*EXERCISE*
The answer must consist of each line below that contains the word "fill", copied in full.

Data entries:
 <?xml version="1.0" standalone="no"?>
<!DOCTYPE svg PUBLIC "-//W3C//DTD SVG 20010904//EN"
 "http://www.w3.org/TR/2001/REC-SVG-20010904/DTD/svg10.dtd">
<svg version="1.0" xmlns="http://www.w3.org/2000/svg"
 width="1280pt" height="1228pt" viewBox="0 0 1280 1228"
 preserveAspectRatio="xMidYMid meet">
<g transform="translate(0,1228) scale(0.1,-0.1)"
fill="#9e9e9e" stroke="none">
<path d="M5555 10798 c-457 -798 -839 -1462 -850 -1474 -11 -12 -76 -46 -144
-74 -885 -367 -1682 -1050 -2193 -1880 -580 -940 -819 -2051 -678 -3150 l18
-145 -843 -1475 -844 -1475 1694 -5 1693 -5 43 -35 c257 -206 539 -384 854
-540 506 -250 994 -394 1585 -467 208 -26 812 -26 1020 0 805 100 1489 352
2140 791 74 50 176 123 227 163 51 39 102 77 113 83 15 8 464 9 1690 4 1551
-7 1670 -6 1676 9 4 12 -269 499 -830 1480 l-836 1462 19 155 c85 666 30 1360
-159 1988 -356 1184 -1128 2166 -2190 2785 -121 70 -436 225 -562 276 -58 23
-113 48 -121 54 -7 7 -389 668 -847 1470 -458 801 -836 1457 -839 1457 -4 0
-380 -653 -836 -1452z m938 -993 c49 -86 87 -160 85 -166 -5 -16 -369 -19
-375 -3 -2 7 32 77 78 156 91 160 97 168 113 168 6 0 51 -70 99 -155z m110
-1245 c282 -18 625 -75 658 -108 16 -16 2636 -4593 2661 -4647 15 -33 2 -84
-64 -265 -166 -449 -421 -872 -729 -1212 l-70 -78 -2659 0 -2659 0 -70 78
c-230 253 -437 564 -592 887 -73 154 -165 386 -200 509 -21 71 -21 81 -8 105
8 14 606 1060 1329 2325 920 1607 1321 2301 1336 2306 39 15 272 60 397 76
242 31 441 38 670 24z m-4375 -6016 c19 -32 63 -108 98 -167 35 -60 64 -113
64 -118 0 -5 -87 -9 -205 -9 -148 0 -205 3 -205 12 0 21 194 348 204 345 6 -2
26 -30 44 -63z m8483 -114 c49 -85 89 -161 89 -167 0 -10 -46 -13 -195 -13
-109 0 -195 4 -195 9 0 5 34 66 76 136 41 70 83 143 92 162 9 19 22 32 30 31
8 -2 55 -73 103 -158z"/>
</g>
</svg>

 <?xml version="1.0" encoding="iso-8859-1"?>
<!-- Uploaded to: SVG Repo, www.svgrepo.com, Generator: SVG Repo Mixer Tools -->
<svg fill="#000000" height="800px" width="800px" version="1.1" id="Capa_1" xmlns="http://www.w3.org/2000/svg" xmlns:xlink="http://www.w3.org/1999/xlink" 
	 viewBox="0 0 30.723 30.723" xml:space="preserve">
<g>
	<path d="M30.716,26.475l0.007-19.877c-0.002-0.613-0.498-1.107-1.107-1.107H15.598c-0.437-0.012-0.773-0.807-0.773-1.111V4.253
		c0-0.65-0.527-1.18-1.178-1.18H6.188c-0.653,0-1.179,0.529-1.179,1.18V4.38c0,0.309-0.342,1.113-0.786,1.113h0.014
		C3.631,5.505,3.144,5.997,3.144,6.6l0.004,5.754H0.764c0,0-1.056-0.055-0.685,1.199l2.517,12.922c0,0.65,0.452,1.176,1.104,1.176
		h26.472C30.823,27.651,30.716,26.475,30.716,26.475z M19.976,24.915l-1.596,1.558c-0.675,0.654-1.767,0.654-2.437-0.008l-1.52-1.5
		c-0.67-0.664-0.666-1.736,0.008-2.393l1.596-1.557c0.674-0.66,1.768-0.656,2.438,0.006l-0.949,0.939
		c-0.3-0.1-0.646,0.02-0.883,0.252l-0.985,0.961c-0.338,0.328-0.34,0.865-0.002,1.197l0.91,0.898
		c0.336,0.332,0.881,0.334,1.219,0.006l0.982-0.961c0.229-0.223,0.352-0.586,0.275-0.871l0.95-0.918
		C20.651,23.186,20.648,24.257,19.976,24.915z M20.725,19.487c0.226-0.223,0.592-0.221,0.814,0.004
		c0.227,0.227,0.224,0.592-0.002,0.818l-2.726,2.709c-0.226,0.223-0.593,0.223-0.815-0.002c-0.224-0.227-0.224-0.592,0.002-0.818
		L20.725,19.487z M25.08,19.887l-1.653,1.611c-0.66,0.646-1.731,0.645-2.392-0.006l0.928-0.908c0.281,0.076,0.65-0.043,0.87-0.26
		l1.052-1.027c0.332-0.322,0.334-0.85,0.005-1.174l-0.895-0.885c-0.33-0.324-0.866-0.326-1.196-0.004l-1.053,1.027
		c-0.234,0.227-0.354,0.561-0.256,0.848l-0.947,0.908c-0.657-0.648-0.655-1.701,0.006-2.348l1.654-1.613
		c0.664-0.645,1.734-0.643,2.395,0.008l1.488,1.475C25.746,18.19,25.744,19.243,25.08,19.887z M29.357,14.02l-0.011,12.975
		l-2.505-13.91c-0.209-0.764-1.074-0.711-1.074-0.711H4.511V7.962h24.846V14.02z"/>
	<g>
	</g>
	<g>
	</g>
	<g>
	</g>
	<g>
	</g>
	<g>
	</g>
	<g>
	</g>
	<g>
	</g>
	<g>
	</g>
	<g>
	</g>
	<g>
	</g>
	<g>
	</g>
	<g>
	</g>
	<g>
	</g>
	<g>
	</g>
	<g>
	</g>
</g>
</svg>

*RESULT OF THE EXERCISE*
fill="#9e9e9e" stroke="none">
<svg fill="#000000" height="800px" width="800px" version="1.1" id="Capa_1" xmlns="http://www.w3.org/2000/svg" xmlns:xlink="http://www.w3.org/1999/xlink" 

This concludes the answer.